Data protection by law and data protection by design
Two broad and complementary concepts that summarise data protection techniques can be distinguished between ‘protection by law’ and ‘protection by design’. Protection by law is built on the principles of responsible data sharing and refers to the establishment of protocols that stakeholders participating in collaboration have to sign and follow. The method can be time-consuming, stakeholder selective, and cannot guarantee security in all instances.
Data protection by design implies an in-built technology solution for every stage of data management that can withstand any external and internal threats thanks to its impervious data security controls. The problem is that despite several generations of secure multi-party computing technologies, none of them was efficient and fast enough to be adopted on a large scale. The variety of existing privacy-enhancing solutions lacked comprehensive hardware-backed technologies that could prove the security-by-design concept.

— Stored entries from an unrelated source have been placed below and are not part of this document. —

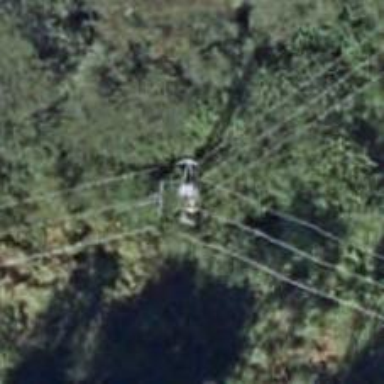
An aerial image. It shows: Minor power line.
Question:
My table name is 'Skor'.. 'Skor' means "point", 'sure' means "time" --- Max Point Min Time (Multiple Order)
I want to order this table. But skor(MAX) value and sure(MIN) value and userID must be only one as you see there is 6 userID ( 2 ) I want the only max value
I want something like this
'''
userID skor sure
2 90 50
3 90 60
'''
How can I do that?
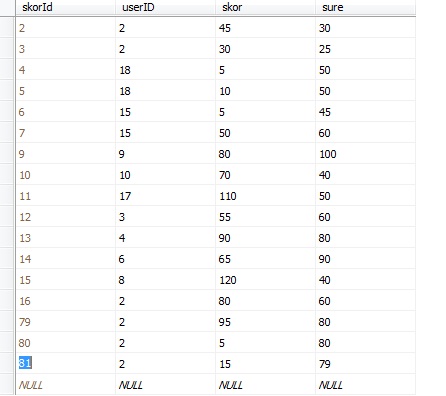
Answer: '''
SELECT UserID, MAX(skor) as 'skor', MIN(sure) as 'sure'
FROM MyTable
GROUP BY UserID
'''
This is assuming you want the max and min per user, not on the same record row.
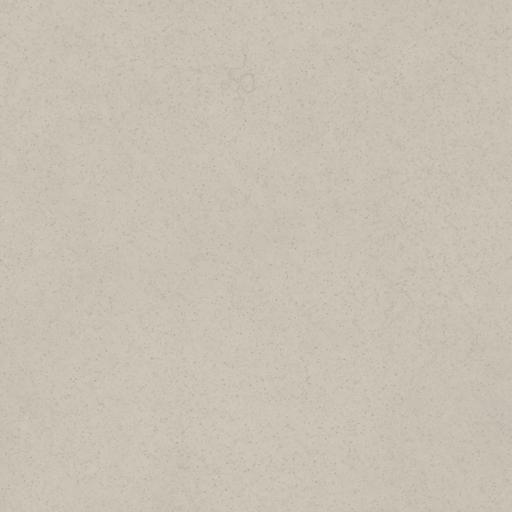
Tags: clean metal nickel shiny
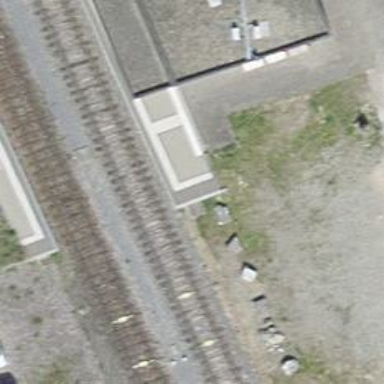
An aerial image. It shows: Single railway track with electrified contact line.
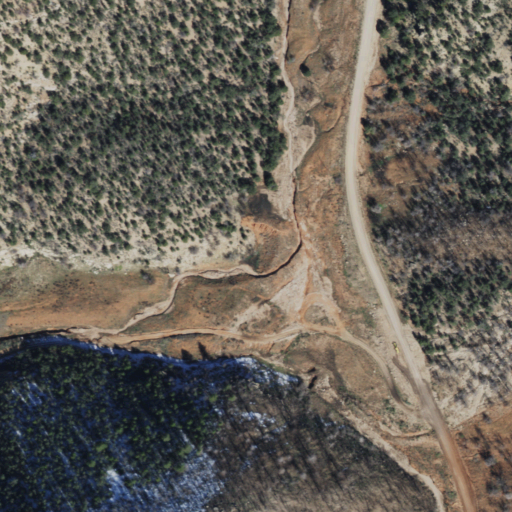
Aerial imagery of valley in Arizona named Oak Canyon containing grassland, evergreen forest, and shrub
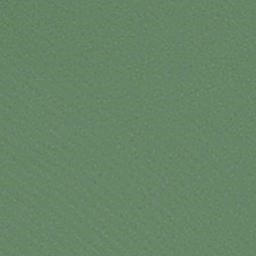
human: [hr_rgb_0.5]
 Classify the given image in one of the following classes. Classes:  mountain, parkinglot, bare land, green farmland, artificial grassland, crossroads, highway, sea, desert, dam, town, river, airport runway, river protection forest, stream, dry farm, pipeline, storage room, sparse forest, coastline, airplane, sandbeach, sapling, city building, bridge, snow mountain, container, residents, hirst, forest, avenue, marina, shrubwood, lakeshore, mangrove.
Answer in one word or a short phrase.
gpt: sea
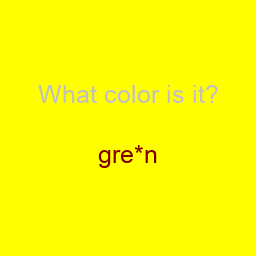
Color: maroon
Color name shown: green
Background color: yellow
Question text color: silver
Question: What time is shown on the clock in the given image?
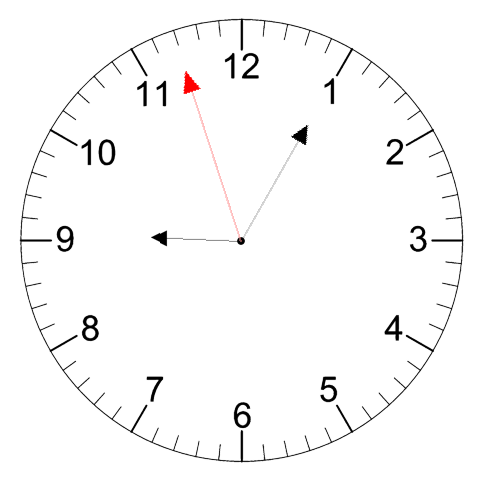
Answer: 09:04:57
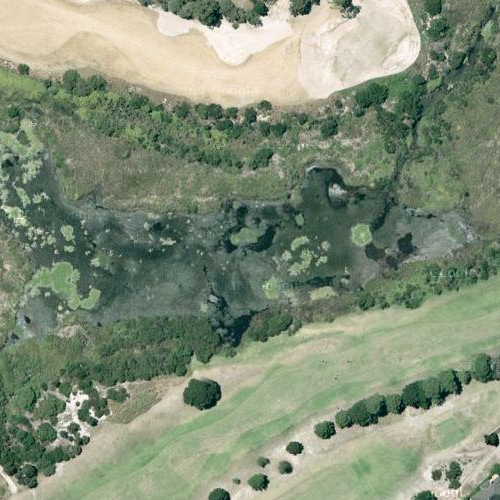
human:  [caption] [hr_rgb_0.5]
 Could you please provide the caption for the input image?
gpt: A wide river with green waters with some plants and a parking lot beside .

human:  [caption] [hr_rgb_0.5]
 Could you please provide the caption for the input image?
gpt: There are many cars parked neatly in the parking lot while a wide river beside .

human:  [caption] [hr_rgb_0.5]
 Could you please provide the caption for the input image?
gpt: A wide river with green waters with some roads and a parking lot beside .

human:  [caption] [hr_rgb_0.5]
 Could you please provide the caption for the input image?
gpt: A wide river with some roads and a parking lot beside .

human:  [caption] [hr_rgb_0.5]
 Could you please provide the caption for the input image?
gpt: Many cars parked neatly in the parking lot while a wide river passed by .
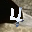
Label: 4

Confidential Computing is a novel hardware-based technology that enables secure-by-design data collaboration
The initiative to advance the protection of data in use has been led by Intel, AMD, Microsoft, HP, and IBM since 2003. In 2019, the efforts were transformed into the Confidential Computing Consortium under the Linux Foundation and the global IT leaders that introduced a game-changing technology — Confidential Computing.
Confidential Computing is the protection of data-in-use by performing computations in a hardware-based Trusted Execution Environment (TEE). TEE is a secure area of the main processor that essentially operates as a black box or the so-called secure ‘enclave’. Data and code can be transferred to the enclave where computations will be executed in hardware isolation.

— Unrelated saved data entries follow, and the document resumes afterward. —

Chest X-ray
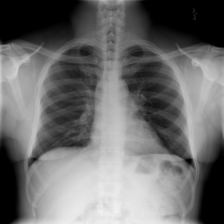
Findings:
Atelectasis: negative
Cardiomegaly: negative
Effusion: negative
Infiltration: negative
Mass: negative
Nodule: negative
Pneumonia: negative
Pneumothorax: negative
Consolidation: negative
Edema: negative
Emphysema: negative
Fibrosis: negative
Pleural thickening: negative
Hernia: negative
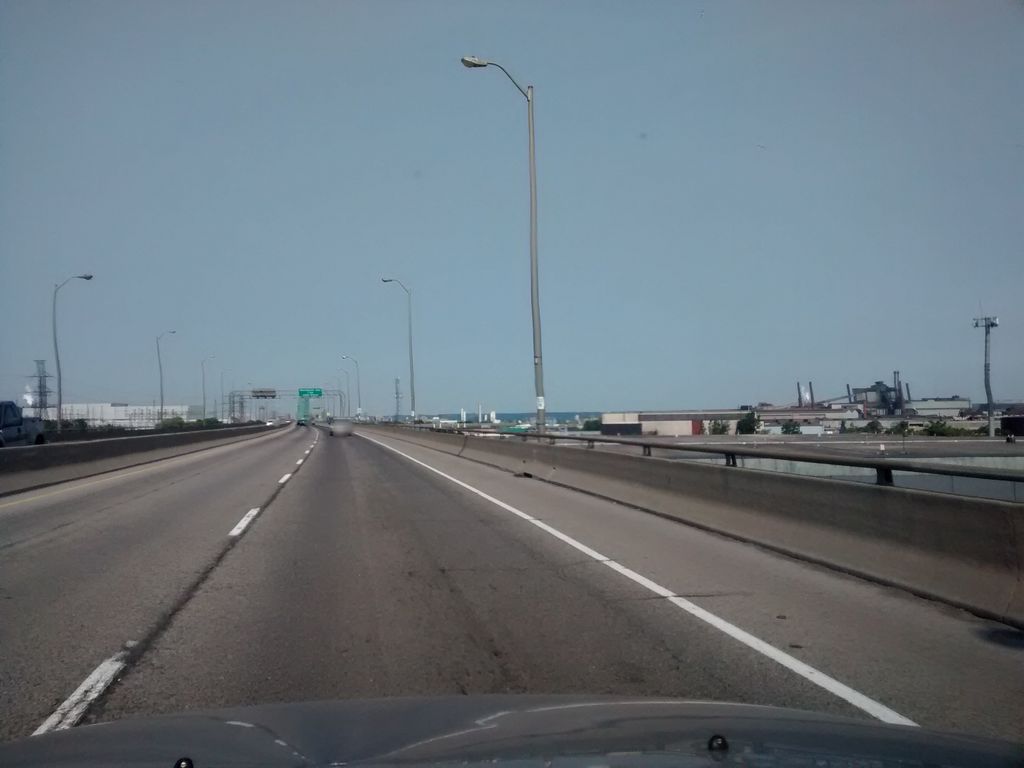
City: hamilton
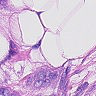
Metastatic tissue present: yes
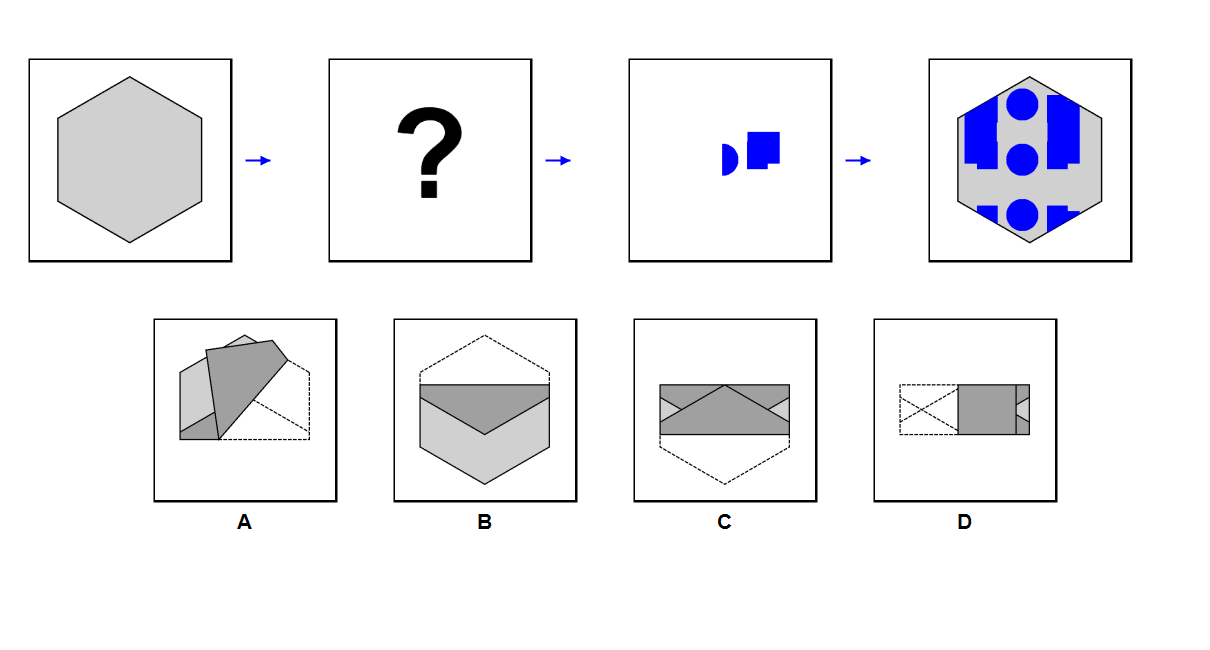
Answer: A
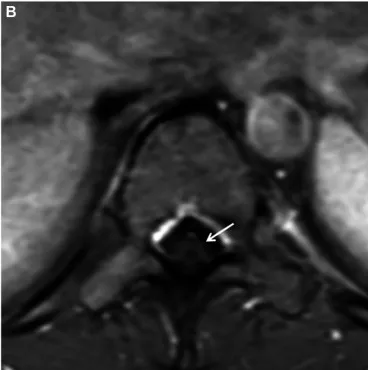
(B) Following gadolinium contrast enhancement scanning on the T1-weighted imaging (T1WI), a "reverse V-shaped" high signal was evident.
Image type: radiology (mri)

Once inside the black box, the code can no longer be modified. All computations occur only inside the black box. Computational results received after code execution can be in the form of analytical insights or trained models. After the code is executed, the TEE black box is eliminated, along with all the code and data. Hence, TEE ensures data integrity, data confidentiality, and code integrity, and protects against internal and external threats, including cloud providers.
The disruptive advantage of Confidential Computing is the TEE’s capability to connect data from several sources with no data disclosure among the data owners. This is a new paradigm that enables secure-by-design multi-party analytics. Confidential Computing opens up previously impossible data collaboration scenarios with extraordinary opportunities for data owners and software developers.
As an early adopter of Confidential Computing, GENXT developed a solution that implements new approaches for secure data collaboration in genomics
GENXT Confidential Computing Network is designed to connect GTCs, bioinformatics software developers, and research centres into a peer-to-peer ecosystem for secure-by-design multi-party analytics of genomic and clinical data.
The first application of the Confidential Computing Network is built to improve DNA Relatives Matching which was previously available on locally-controlled databases only. The network connects GTCs among one another, allowing them to add value to their DNA relatives matching services by leveraging each other’s databases to find both close and distant DNA relatives in a secure and privacy-preserving way. The architecture of the Confidential Computing Network architecture ensures that personal genetic data stays undisclosed among GTCs, GENXT, and any third parties.
Therefore, the solution offers a cutting-edge way of collaboration between previously competing companies. In the next article, we will provide more details about our Peer-to-Peer DNA Relatives Matching service.
Other use-case scenarios of the Confidential Computing Network will include a federated learning engine, allowing to train models on genetic data, predict phenotypes, and identify disease-gene associations; patient recruitment for clinical trials, and a marketplace for 3rd-party bioinformatics software.